[Opening DATA TO EXAMINE section]

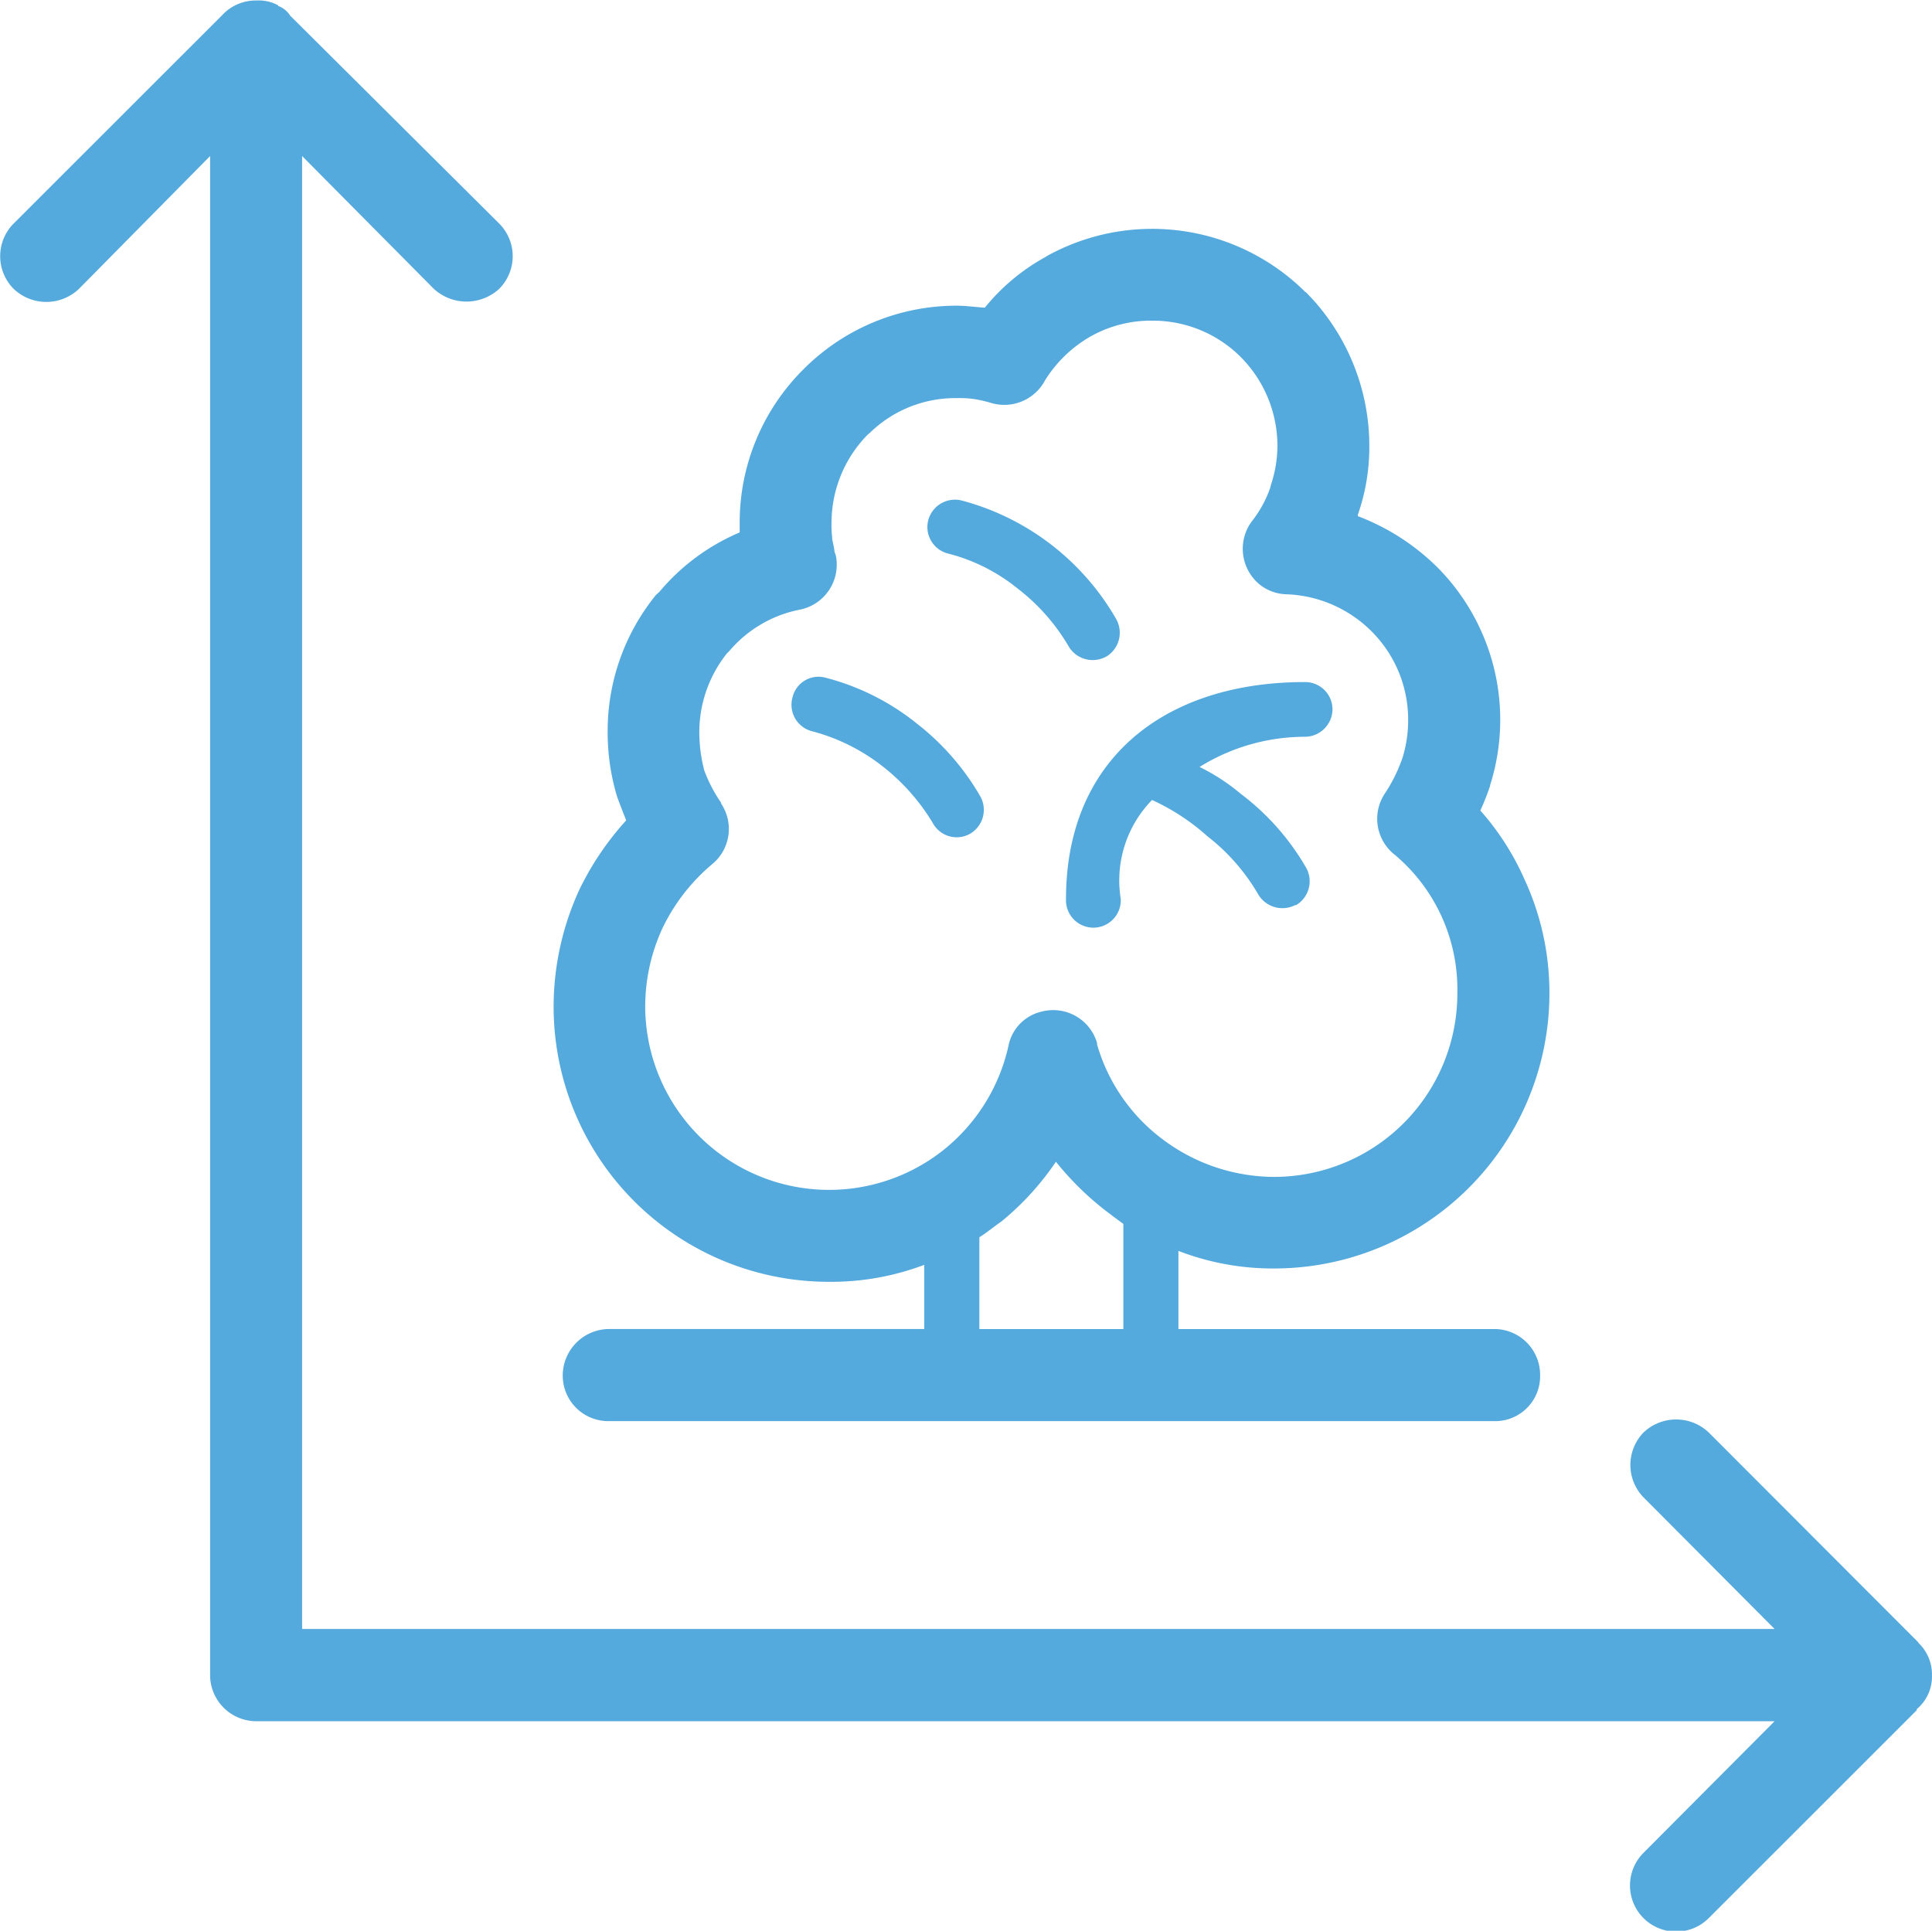 <svg xmlns="http://www.w3.org/2000/svg" width="32.001" height="31.984" viewBox="0 0 32.001 31.984">
  <g id="Logt_Sq_Feet" data-name="Logt Sq Feet" transform="translate(3745.024 2775)">
    <path id="Trazado_5758" data-name="Trazado 5758" d="M517.371,499.176,513.9,495.7a.784.784,0,0,0-1.082,0,.772.772,0,0,0,0,1.073l2.172,2.181H490.6v-24.4l2.182,2.2a.8.8,0,0,0,1.082,0,.765.765,0,0,0,0-1.082l-3.461-3.443a.4.4,0,0,0-.2-.162v-.01a.678.678,0,0,0-.352-.08.763.763,0,0,0-.549.216l-.017.018-3.463,3.461a.768.768,0,0,0,0,1.082.784.784,0,0,0,1.082,0l2.172-2.2v25.17a.766.766,0,0,0,.775.758H514.99l-2.172,2.181a.764.764,0,0,0,1.082,1.08l3.444-3.443v-.018a.7.7,0,0,0,.252-.558.719.719,0,0,0-.225-.541Z" transform="translate(-4230.62 -3246.969)" fill="#54a9dd"/>
    <path id="Trazado_5993" data-name="Trazado 5993" d="M122.765,559.554h-5.233v-1.295a4.342,4.342,0,0,0,1.581.291,4.559,4.559,0,0,0,4.564-4.564,4.472,4.472,0,0,0-.421-1.9,4.368,4.368,0,0,0-.723-1.122,4.268,4.268,0,0,0,.162-.41v-.011a3.585,3.585,0,0,0-.847-3.581,3.768,3.768,0,0,0-1.343-.874v-.027a3.4,3.4,0,0,0,.189-1.144,3.615,3.615,0,0,0-1.052-2.541h-.006a3.6,3.6,0,0,0-4.278-.6l-.033.021a3.4,3.4,0,0,0-1,.837c-.162-.011-.318-.033-.47-.033a3.577,3.577,0,0,0-2.5,1.02l-.038.038a3.574,3.574,0,0,0-1.052,2.541v.157a3.531,3.531,0,0,0-1.328.982l-.059.054a3.573,3.573,0,0,0-.8,2.271,3.685,3.685,0,0,0,.156,1.069c.049.135.1.264.151.394a4.86,4.86,0,0,0-.771,1.138,4.646,4.646,0,0,0-.431,1.943,4.558,4.558,0,0,0,4.558,4.563,4.36,4.36,0,0,0,1.581-.281v1.063h-5.228a.772.772,0,0,0-.76.771.755.755,0,0,0,.76.755h14.674a.744.744,0,0,0,.755-.755.76.76,0,0,0-.755-.771Zm-6.145,0h-2.385v-1.521c.13-.081.243-.178.362-.259a4.615,4.615,0,0,0,.906-.992,4.9,4.9,0,0,0,.863.841c.093.07.173.13.254.189v1.742Zm-.432-4.726h0a.757.757,0,0,0-.938-.529.724.724,0,0,0-.534.567,3.053,3.053,0,0,1-1.075,1.721,3.046,3.046,0,0,1-4.941-2.379,3.1,3.1,0,0,1,.286-1.295,3.185,3.185,0,0,1,.82-1.058.754.754,0,0,0,.146-1.014h.01a2.367,2.367,0,0,1-.285-.545,2.549,2.549,0,0,1-.081-.631,2.1,2.1,0,0,1,.458-1.305l.038-.037a2.049,2.049,0,0,1,1.165-.686.76.76,0,0,0,.6-.9l-.022-.064c-.006-.07-.027-.141-.038-.21v-.022a1.755,1.755,0,0,1-.011-.237,2.085,2.085,0,0,1,.6-1.468l.033-.027a2.028,2.028,0,0,1,1.434-.577,1.845,1.845,0,0,1,.3.016,2.285,2.285,0,0,1,.28.065.763.763,0,0,0,.891-.378,2.146,2.146,0,0,1,.75-.723l.027-.015a2.039,2.039,0,0,1,1-.248,2.06,2.06,0,0,1,1.461.6,2.091,2.091,0,0,1,.61,1.468,2.068,2.068,0,0,1-.108.653l-.01.043a1.9,1.9,0,0,1-.307.561.765.765,0,0,0,.145,1.057.742.742,0,0,0,.443.151,2.1,2.1,0,0,1,1.424.642,2.065,2.065,0,0,1,.578,1.44,2.1,2.1,0,0,1-.091.62,2.627,2.627,0,0,1-.281.578.756.756,0,0,0,.152,1.036,2.912,2.912,0,0,1,1.035,2.287,3.037,3.037,0,0,1-3.042,3.048,3.082,3.082,0,0,1-1.829-.615,3,3,0,0,1-1.1-1.591Zm-3.02-5.33h0a4.013,4.013,0,0,0-1.479-.734.442.442,0,0,0-.549.325.452.452,0,0,0,.318.56,3.214,3.214,0,0,1,1.154.567,3.431,3.431,0,0,1,.858.966.449.449,0,0,0,.61.167.458.458,0,0,0,.167-.626,4.163,4.163,0,0,0-1.079-1.224Zm6.306,3.037h0a.46.46,0,0,0,.172-.626,4.1,4.1,0,0,0-1.084-1.224,3.333,3.333,0,0,0-.68-.443,3.315,3.315,0,0,1,1.743-.5.459.459,0,0,0,.459-.458.453.453,0,0,0-.459-.448c-2.32,0-3.955,1.273-3.955,3.593a.454.454,0,1,0,.907,0,1.908,1.908,0,0,1,.518-1.64,3.628,3.628,0,0,1,.916.6,3.346,3.346,0,0,1,.847.971.466.466,0,0,0,.615.167Zm-3.135-4.122h0a.462.462,0,0,0,.162-.621,4.19,4.19,0,0,0-2.556-1.963.458.458,0,0,0-.556.323.452.452,0,0,0,.329.555,3.014,3.014,0,0,1,1.149.578,3.319,3.319,0,0,1,.847.96.463.463,0,0,0,.625.167Z" transform="translate(-3843.037 -3312.537)" fill="#54a9dd"/>
  </g>
</svg>

[Closing DATA TO EXAMINE section]

→ TASK TO CARRY OUT
All of the entries above should be retyped exactly, with the pictures left out.

→ ANSWER AREA
 <svg xmlns="http://www.w3.org/2000/svg" width="32.001" height="31.984" viewBox="0 0 32.001 31.984">
  <g id="Logt_Sq_Feet" data-name="Logt Sq Feet" transform="translate(3745.024 2775)">
    <path id="Trazado_5758" data-name="Trazado 5758" d="M517.371,499.176,513.9,495.7a.784.784,0,0,0-1.082,0,.772.772,0,0,0,0,1.073l2.172,2.181H490.6v-24.4l2.182,2.2a.8.8,0,0,0,1.082,0,.765.765,0,0,0,0-1.082l-3.461-3.443a.4.4,0,0,0-.2-.162v-.01a.678.678,0,0,0-.352-.08.763.763,0,0,0-.549.216l-.017.018-3.463,3.461a.768.768,0,0,0,0,1.082.784.784,0,0,0,1.082,0l2.172-2.2v25.17a.766.766,0,0,0,.775.758H514.99l-2.172,2.181a.764.764,0,0,0,1.082,1.08l3.444-3.443v-.018a.7.7,0,0,0,.252-.558.719.719,0,0,0-.225-.541Z" transform="translate(-4230.62 -3246.969)" fill="#54a9dd"/>
    <path id="Trazado_5993" data-name="Trazado 5993" d="M122.765,559.554h-5.233v-1.295a4.342,4.342,0,0,0,1.581.291,4.559,4.559,0,0,0,4.564-4.564,4.472,4.472,0,0,0-.421-1.9,4.368,4.368,0,0,0-.723-1.122,4.268,4.268,0,0,0,.162-.41v-.011a3.585,3.585,0,0,0-.847-3.581,3.768,3.768,0,0,0-1.343-.874v-.027a3.4,3.4,0,0,0,.189-1.144,3.615,3.615,0,0,0-1.052-2.541h-.006a3.6,3.6,0,0,0-4.278-.6l-.033.021a3.4,3.4,0,0,0-1,.837c-.162-.011-.318-.033-.47-.033a3.577,3.577,0,0,0-2.5,1.02l-.038.038a3.574,3.574,0,0,0-1.052,2.541v.157a3.531,3.531,0,0,0-1.328.982l-.059.054a3.573,3.573,0,0,0-.8,2.271,3.685,3.685,0,0,0,.156,1.069c.049.135.1.264.151.394a4.86,4.86,0,0,0-.771,1.138,4.646,4.646,0,0,0-.431,1.943,4.558,4.558,0,0,0,4.558,4.563,4.36,4.36,0,0,0,1.581-.281v1.063h-5.228a.772.772,0,0,0-.76.771.755.755,0,0,0,.76.755h14.674a.744.744,0,0,0,.755-.755.76.76,0,0,0-.755-.771Zm-6.145,0h-2.385v-1.521c.13-.081.243-.178.362-.259a4.615,4.615,0,0,0,.906-.992,4.9,4.9,0,0,0,.863.841c.093.07.173.13.254.189v1.742Zm-.432-4.726h0a.757.757,0,0,0-.938-.529.724.724,0,0,0-.534.567,3.053,3.053,0,0,1-1.075,1.721,3.046,3.046,0,0,1-4.941-2.379,3.1,3.1,0,0,1,.286-1.295,3.185,3.185,0,0,1,.82-1.058.754.754,0,0,0,.146-1.014h.01a2.367,2.367,0,0,1-.285-.545,2.549,2.549,0,0,1-.081-.631,2.1,2.1,0,0,1,.458-1.305l.038-.037a2.049,2.049,0,0,1,1.165-.686.76.76,0,0,0,.6-.9l-.022-.064c-.006-.07-.027-.141-.038-.21v-.022a1.755,1.755,0,0,1-.011-.237,2.085,2.085,0,0,1,.6-1.468l.033-.027a2.028,2.028,0,0,1,1.434-.577,1.845,1.845,0,0,1,.3.016,2.285,2.285,0,0,1,.28.065.763.763,0,0,0,.891-.378,2.146,2.146,0,0,1,.75-.723l.027-.015a2.039,2.039,0,0,1,1-.248,2.06,2.06,0,0,1,1.461.6,2.091,2.091,0,0,1,.61,1.468,2.068,2.068,0,0,1-.108.653l-.01.043a1.9,1.9,0,0,1-.307.561.765.765,0,0,0,.145,1.057.742.742,0,0,0,.443.151,2.1,2.1,0,0,1,1.424.642,2.065,2.065,0,0,1,.578,1.44,2.1,2.1,0,0,1-.091.62,2.627,2.627,0,0,1-.281.578.756.756,0,0,0,.152,1.036,2.912,2.912,0,0,1,1.035,2.287,3.037,3.037,0,0,1-3.042,3.048,3.082,3.082,0,0,1-1.829-.615,3,3,0,0,1-1.1-1.591Zm-3.02-5.33h0a4.013,4.013,0,0,0-1.479-.734.442.442,0,0,0-.549.325.452.452,0,0,0,.318.56,3.214,3.214,0,0,1,1.154.567,3.431,3.431,0,0,1,.858.966.449.449,0,0,0,.61.167.458.458,0,0,0,.167-.626,4.163,4.163,0,0,0-1.079-1.224Zm6.306,3.037h0a.46.46,0,0,0,.172-.626,4.1,4.1,0,0,0-1.084-1.224,3.333,3.333,0,0,0-.68-.443,3.315,3.315,0,0,1,1.743-.5.459.459,0,0,0,.459-.458.453.453,0,0,0-.459-.448c-2.32,0-3.955,1.273-3.955,3.593a.454.454,0,1,0,.907,0,1.908,1.908,0,0,1,.518-1.64,3.628,3.628,0,0,1,.916.6,3.346,3.346,0,0,1,.847.971.466.466,0,0,0,.615.167Zm-3.135-4.122h0a.462.462,0,0,0,.162-.621,4.19,4.19,0,0,0-2.556-1.963.458.458,0,0,0-.556.323.452.452,0,0,0,.329.555,3.014,3.014,0,0,1,1.149.578,3.319,3.319,0,0,1,.847.96.463.463,0,0,0,.625.167Z" transform="translate(-3843.037 -3312.537)" fill="#54a9dd"/>
  </g>
</svg>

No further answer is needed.